Work instruction: Please repeat exactly the lines from the one containing "4.8 s after image 1." through the last line of the records below, leaving out any pictures.

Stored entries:
=== Begin Enclosure ===
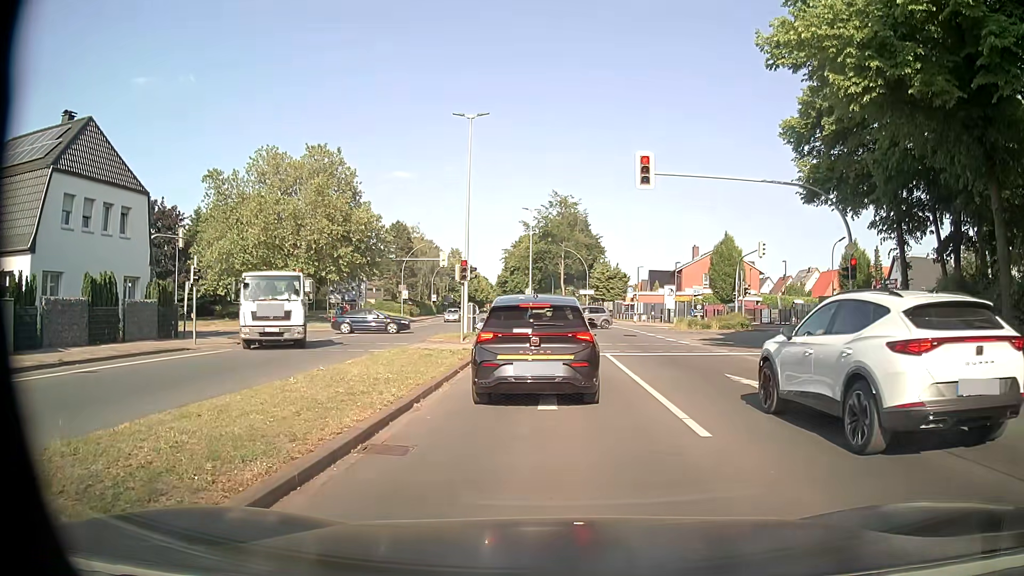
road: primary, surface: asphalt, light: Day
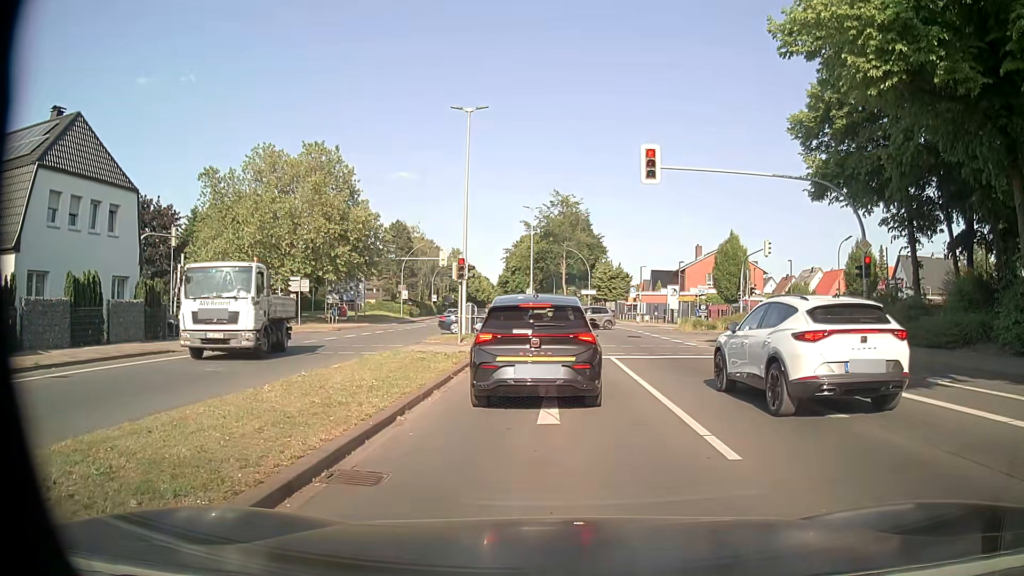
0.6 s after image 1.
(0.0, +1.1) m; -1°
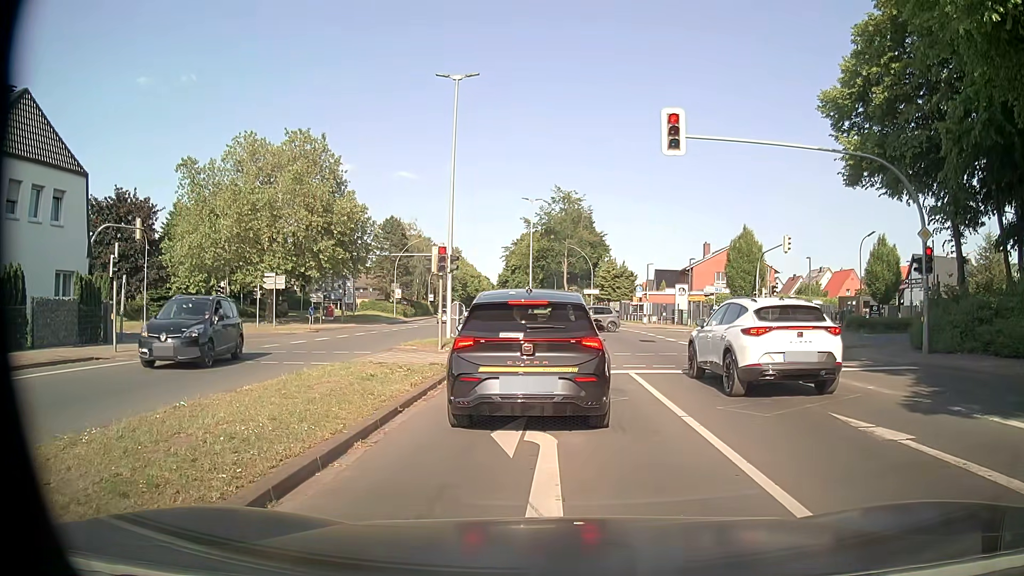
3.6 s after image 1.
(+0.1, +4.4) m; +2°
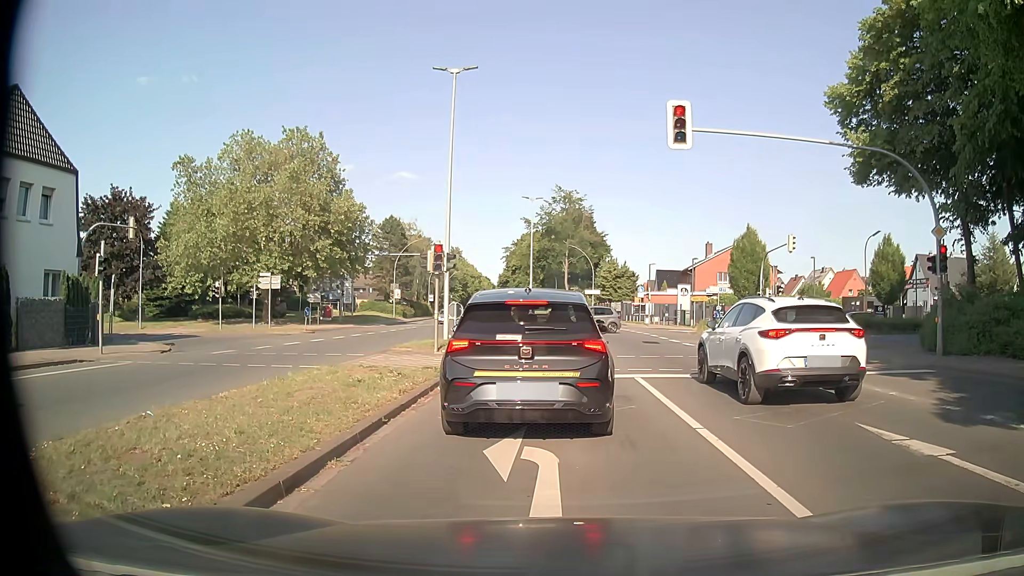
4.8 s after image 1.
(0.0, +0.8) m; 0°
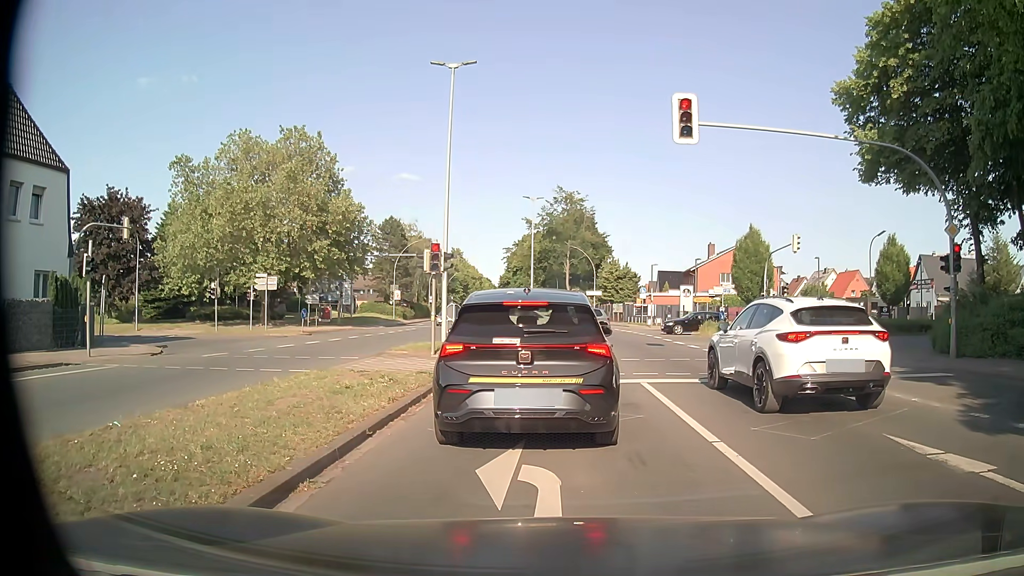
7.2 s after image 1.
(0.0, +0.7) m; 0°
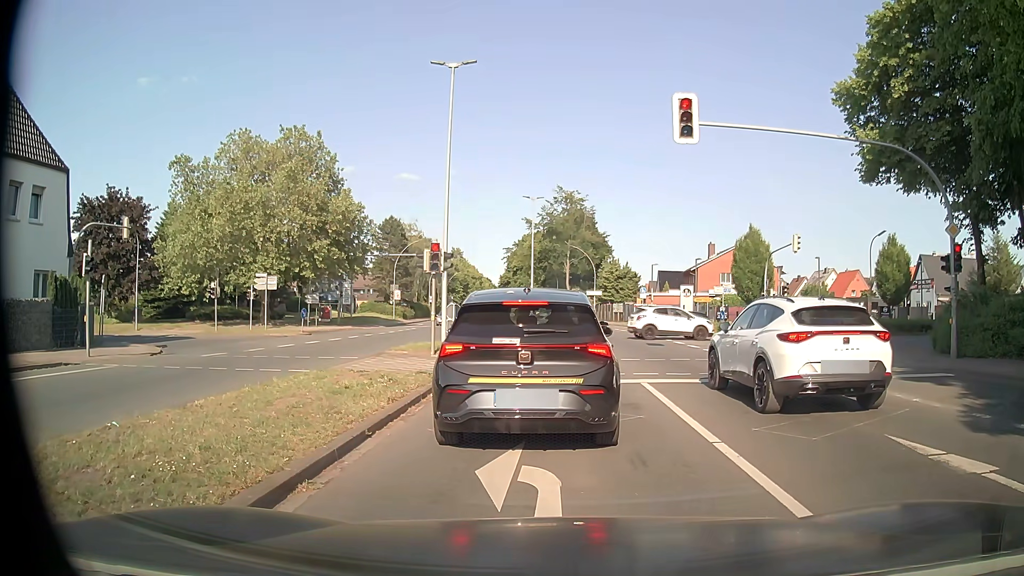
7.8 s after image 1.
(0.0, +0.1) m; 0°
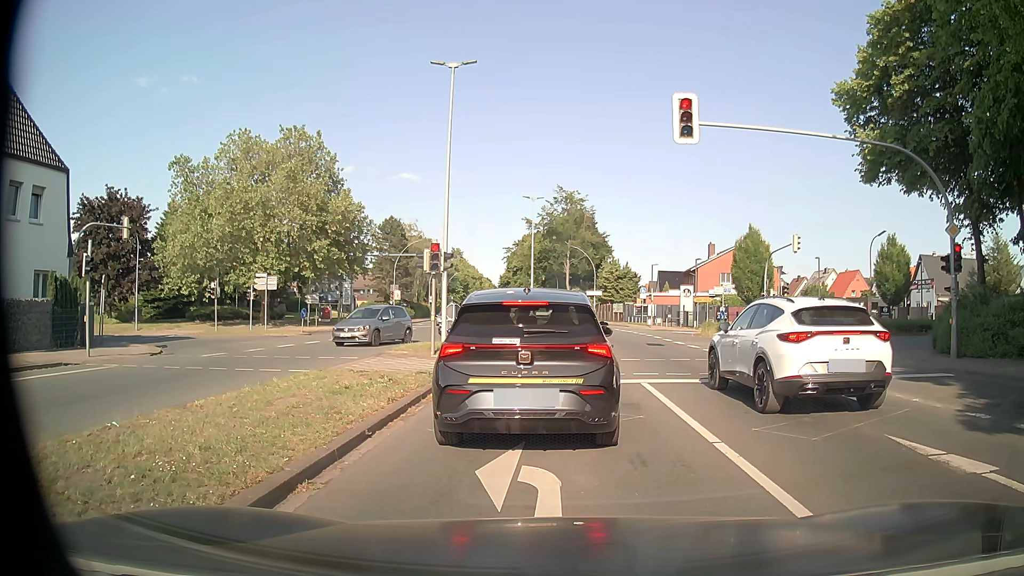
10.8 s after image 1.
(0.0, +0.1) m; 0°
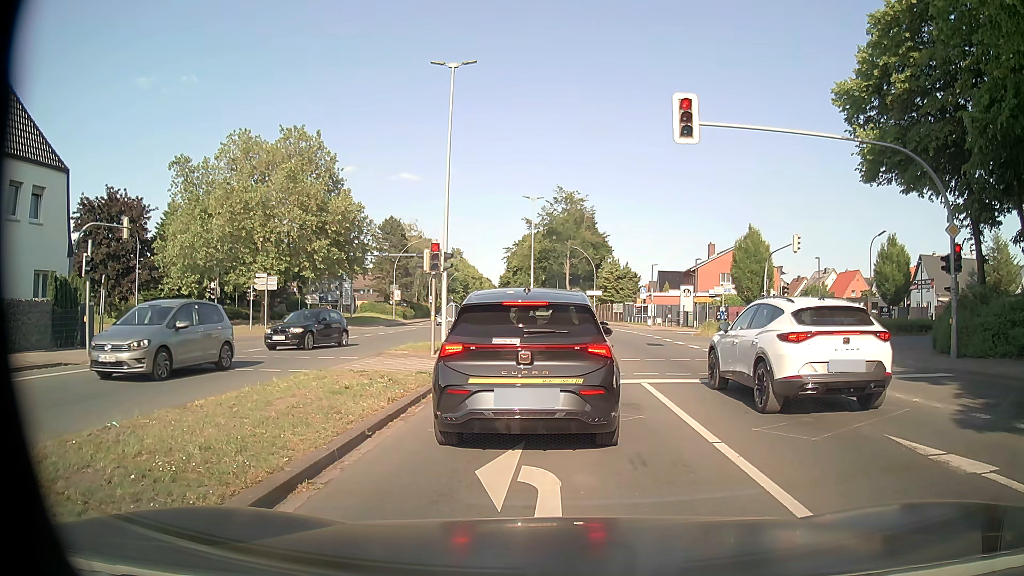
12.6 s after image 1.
=== End Enclosure ===
Completed task:
4.8 s after image 1.
(0.0, +0.8) m; 0°
7.2 s after image 1.
(0.0, +0.7) m; 0°
7.8 s after image 1.
(0.0, +0.1) m; 0°
10.8 s after image 1.
(0.0, +0.1) m; 0°
12.6 s after image 1.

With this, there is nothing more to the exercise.